Gwent was a huge part of what people enjoyed when playing through The Witcher 3, so when developer CD Projekt RED announced a standalone version, there were plenty of happy gamers around the world. With the first full closed beta coming up very soon, we thought this would be a good opportunity to cover the many changes between Gwent in The Witcher 3 and the version of Gwent people will play in the standalone game. Most of the main themes and strategies of the game remain the same, but there are some important changes.

Card Draw

In The Witcher 3 version of Gwent you would start each game with 10 cards and could only draw more cards if you used a special unit card with the ability to draw more cards. In the standalone game many of the cards that had a draw ability have been changed.
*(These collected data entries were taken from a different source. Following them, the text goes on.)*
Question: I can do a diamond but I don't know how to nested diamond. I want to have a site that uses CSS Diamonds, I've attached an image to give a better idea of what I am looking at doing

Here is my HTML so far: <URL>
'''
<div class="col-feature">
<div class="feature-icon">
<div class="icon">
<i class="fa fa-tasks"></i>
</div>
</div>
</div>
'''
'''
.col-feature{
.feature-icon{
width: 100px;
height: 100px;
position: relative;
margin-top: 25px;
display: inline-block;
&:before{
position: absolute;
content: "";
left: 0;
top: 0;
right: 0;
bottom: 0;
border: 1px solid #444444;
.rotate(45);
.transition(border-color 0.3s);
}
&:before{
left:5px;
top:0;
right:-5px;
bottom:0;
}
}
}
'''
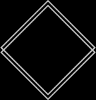
Answer: Use both ':before' and ':after' pseudo elements.
Sample: <URL>
'''
.feature-icon {
width: 100px;
height: 100px;
position: relative;
margin-top: 25px;
display: inline-block;
}
.feature-icon:before{
position: absolute;
display:block;
content: "";
width:100px;
height:100px;
left: 0;
top: 0;
right: 0;
bottom: 0;
border: 1px solid #444444;
-webkit-transform: rotate(45deg);
-webkit-transition: border-color 0.3s;
}
.feature-icon:after {
position: absolute;
display:block;
content: "";
width:100px;
height:100px;
left: 0;
top: 0;
right: 0;
bottom: 0;
margin-top:-5px;
border: 1px solid #444444;
-webkit-transform: rotate(45deg);
-webkit-transition: border-color 0.3s;
}
'''
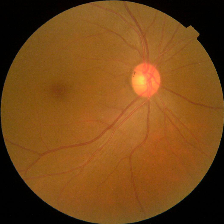
Diabetic retinopathy grade: No DR
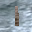
Label: 1
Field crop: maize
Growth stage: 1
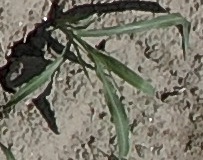
Species: sorghum
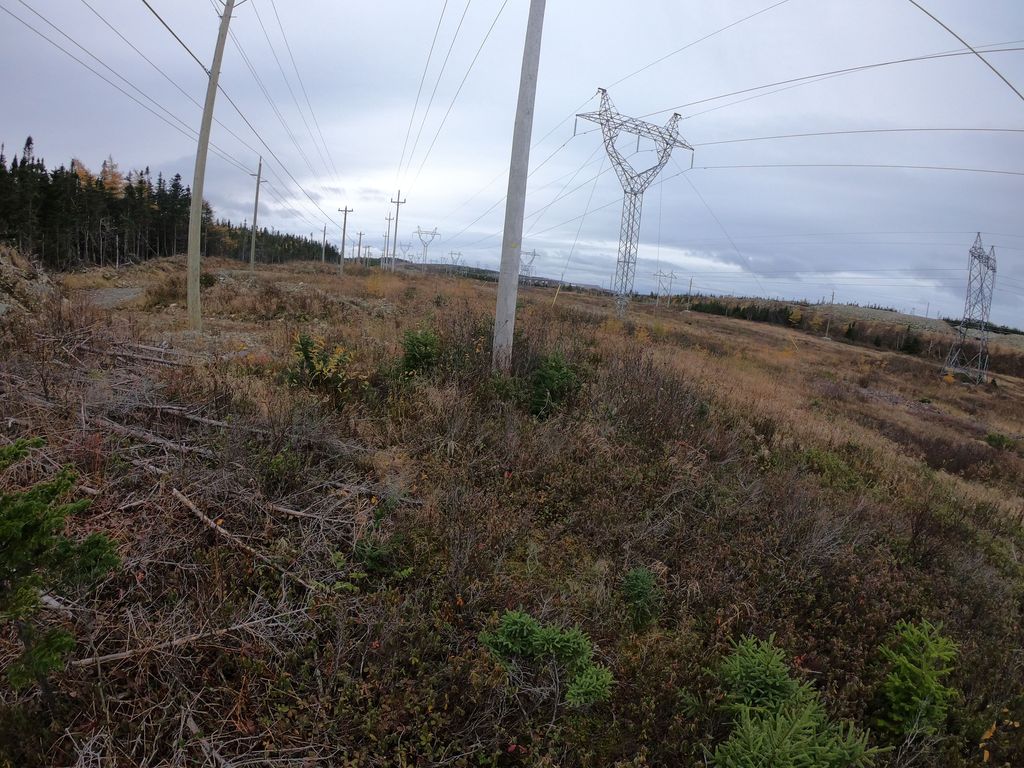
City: st_johns
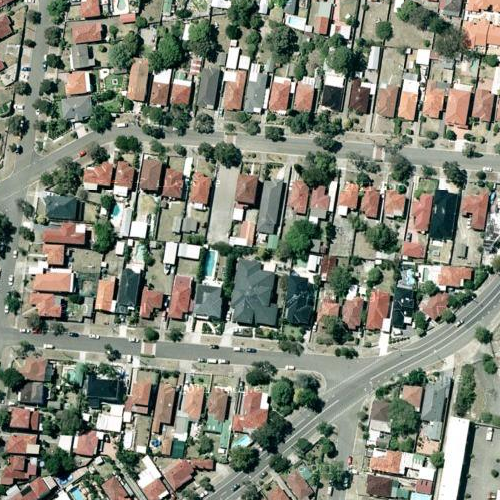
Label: sydney
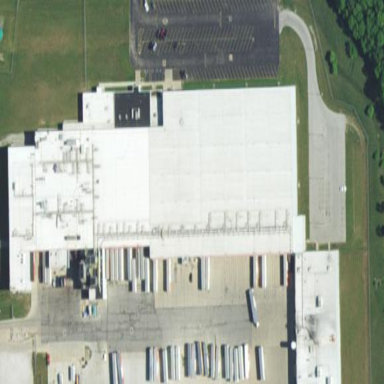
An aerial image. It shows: Warehouse building.
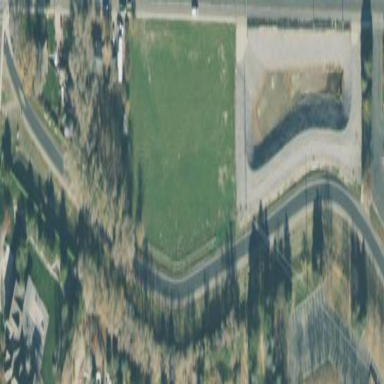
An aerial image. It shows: Recreation ground covered with grassland.
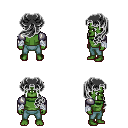
a pixel art fantasy rpg character, male body template, orc, green skin, steel arm armor, teal pants, gray princess hairstyle, white cloth bandages, four views (front, back, left, right), 2x2 character sprite sheet, small pixel art, hard edges, no anti-aliasing
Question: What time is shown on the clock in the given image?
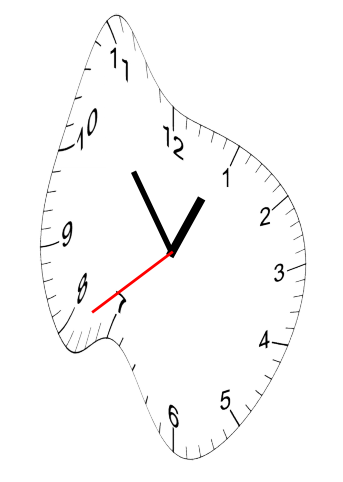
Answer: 12:53:39

Instead of drawing from other cards, most of your draw ability comes between rounds now. You can draw two cards after round one and one card after round two. This adds a bit to the random factor of the game (RNG), but gives it a more competitive feel since you gain more cards that can potentially lead to a comeback.

Card Types

The types of cards in Gwent have also undergone a change from the Witcher 3 version of the game. In the standalone Gwent there are no longer Character, Hero and Troop card types. Instead the card types are now Bronze, Silver and Gold. Special cards have also seen a significant change. In the standalone game special cards are now considered events and no longer have a separate category in deck building as they now fall under the Bronze, Silver and Gold card types.
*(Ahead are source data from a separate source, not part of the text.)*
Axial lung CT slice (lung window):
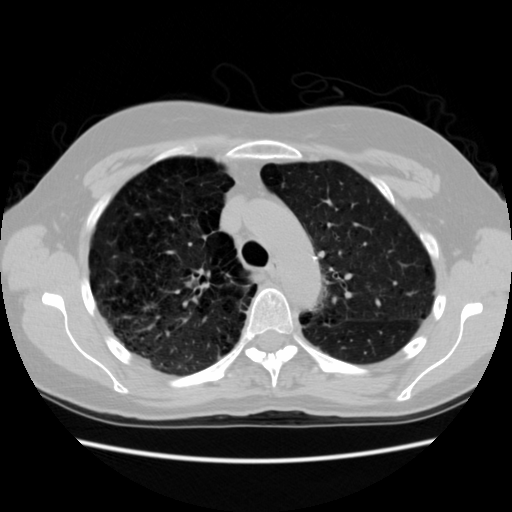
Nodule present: no
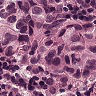
Metastatic tissue present: yes
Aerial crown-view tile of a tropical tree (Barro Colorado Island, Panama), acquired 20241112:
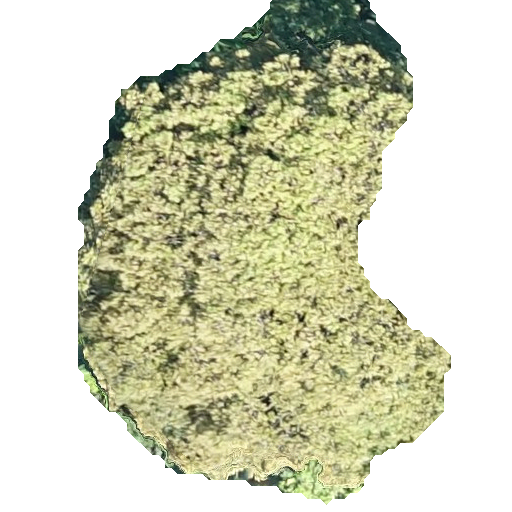
Species: Dipteryx oleifera
GBIF accepted scientific name: Dipteryx oleifera
Crown area: 207.854 m²
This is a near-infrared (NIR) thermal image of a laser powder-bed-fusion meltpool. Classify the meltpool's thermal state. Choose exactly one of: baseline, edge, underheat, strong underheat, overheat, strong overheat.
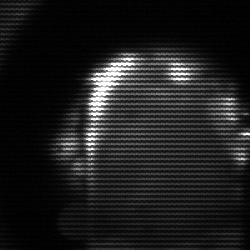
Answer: baseline
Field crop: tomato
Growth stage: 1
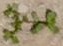
Species: portulaca
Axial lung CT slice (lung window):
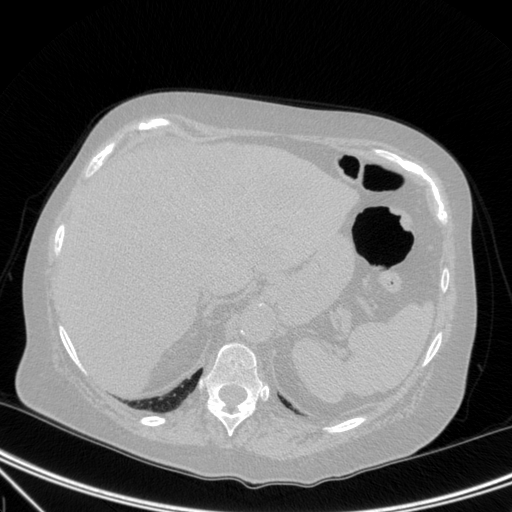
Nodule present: no
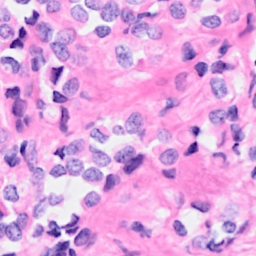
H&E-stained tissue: Breast
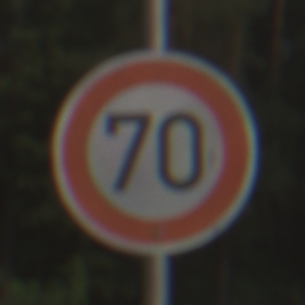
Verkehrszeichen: Geschwindigkeit70
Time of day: SunriseSunset
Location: Outdoor (Nature)
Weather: PartlyCloudy
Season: NotSpecified
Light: Natural
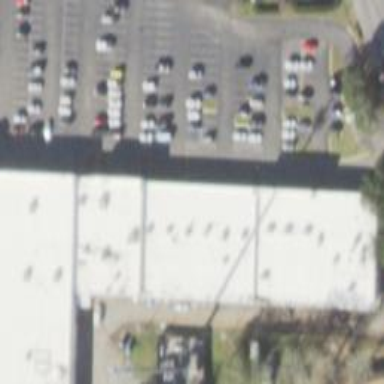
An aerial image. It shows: Parking space is available.
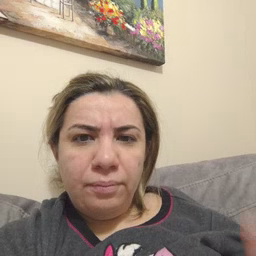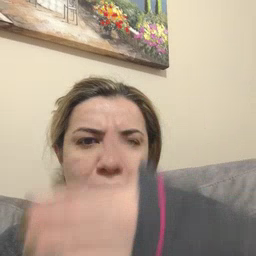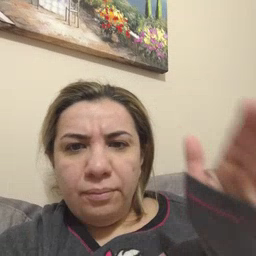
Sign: room
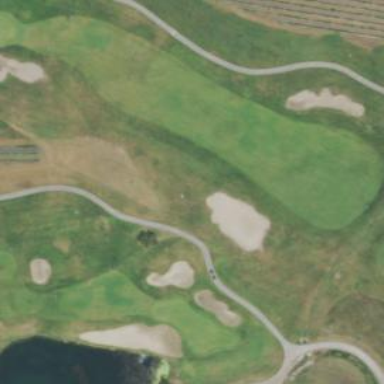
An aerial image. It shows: Scenic golf fairway.
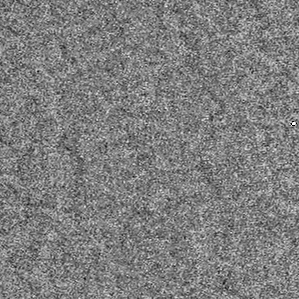
Label: frost
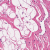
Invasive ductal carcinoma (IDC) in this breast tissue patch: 0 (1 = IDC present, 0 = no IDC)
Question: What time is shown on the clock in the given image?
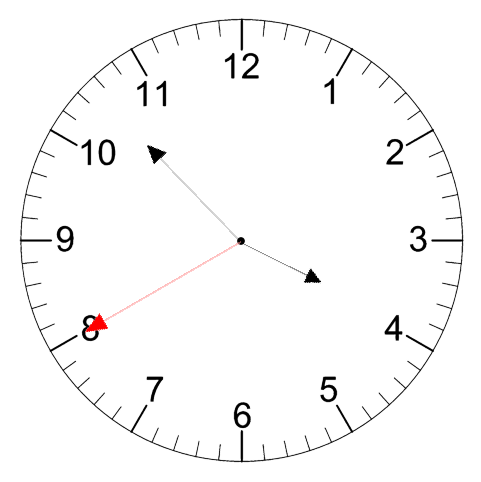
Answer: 03:52:40
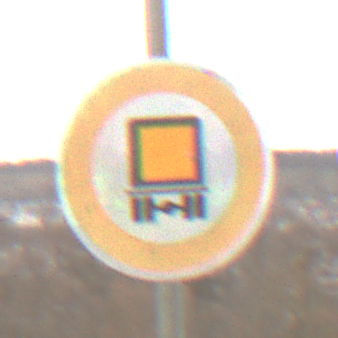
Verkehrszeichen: VerbotKennzeichnungspflichtigeKraftfahrzeugeGefaehrlicheGueter
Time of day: Midday
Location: Outdoor (Nature)
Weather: Overcast
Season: NotSpecified
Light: Natural
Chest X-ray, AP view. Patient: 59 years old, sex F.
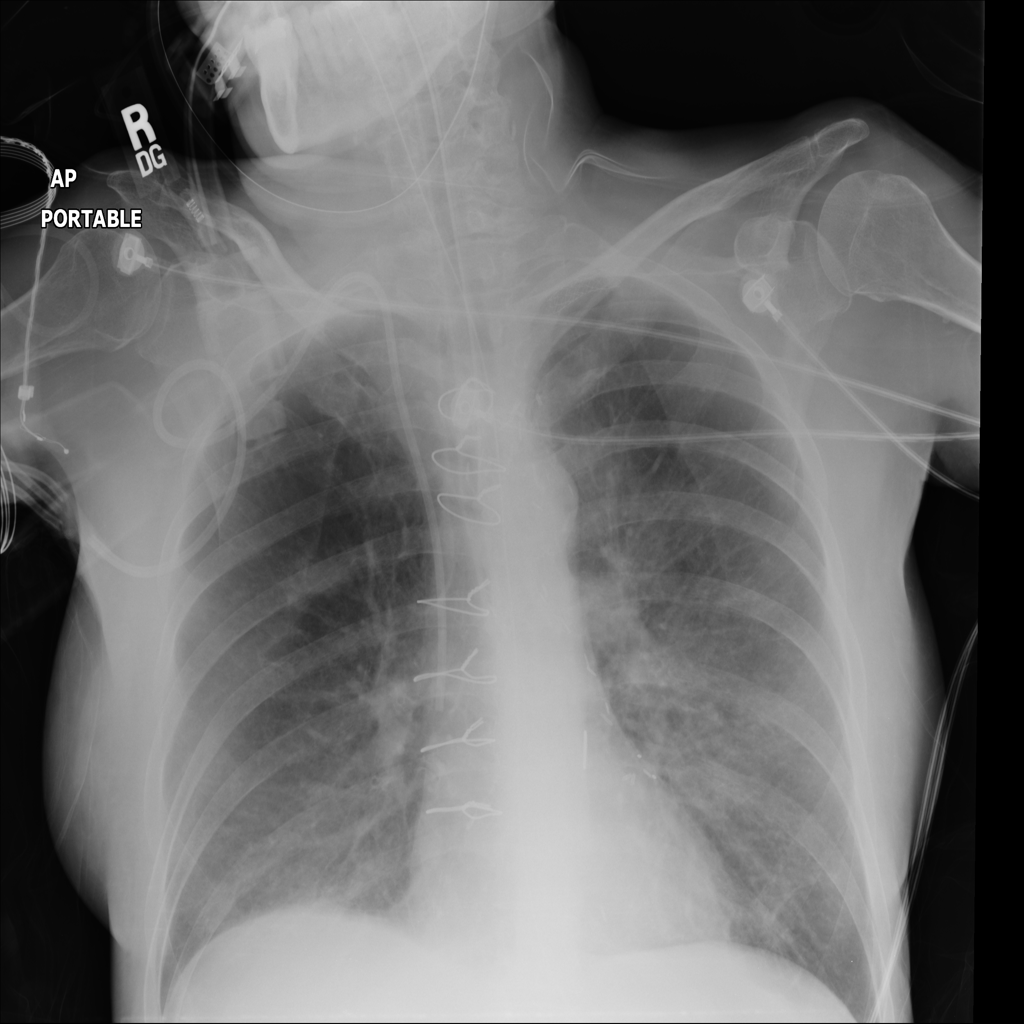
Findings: No Finding

With the changes to card types comes changes to how you build a deck as well. You had to have a minimum number of cards in a specific type in the Witcher 3 version of the game (12 Troop cards). In the standalone Gwent you now must have 15 Bronze, 6 Silver and 4 Gold cards in your deck. This increases the variety of cards and gives CD Projekt RED a lot more freedom with event cards.

Card Abilities

Alongside the new card types comes new card abilities to further increase the amount of depth in Gwent. You can now use a Wounding ability to reduce the strength of an opponent’s card. If you can drop a card all the way down to zero strength it is removed from the board and placed in a graveyard.

As you can see, there are quite a few changes to Gwent from Witcher 3 to the standalone game. In addition to these changes in the mechanics of the game, there have been a number of visual changes as well. As you might expect, Gwent feels like a more tradition card game along the lines of Hearthstone or Magic: The Gathering, instead of just a mini-game addition to another title.

We’ll have more on Gwent in the coming weeks and months as we draw closer to the closed beta and the official release of the title.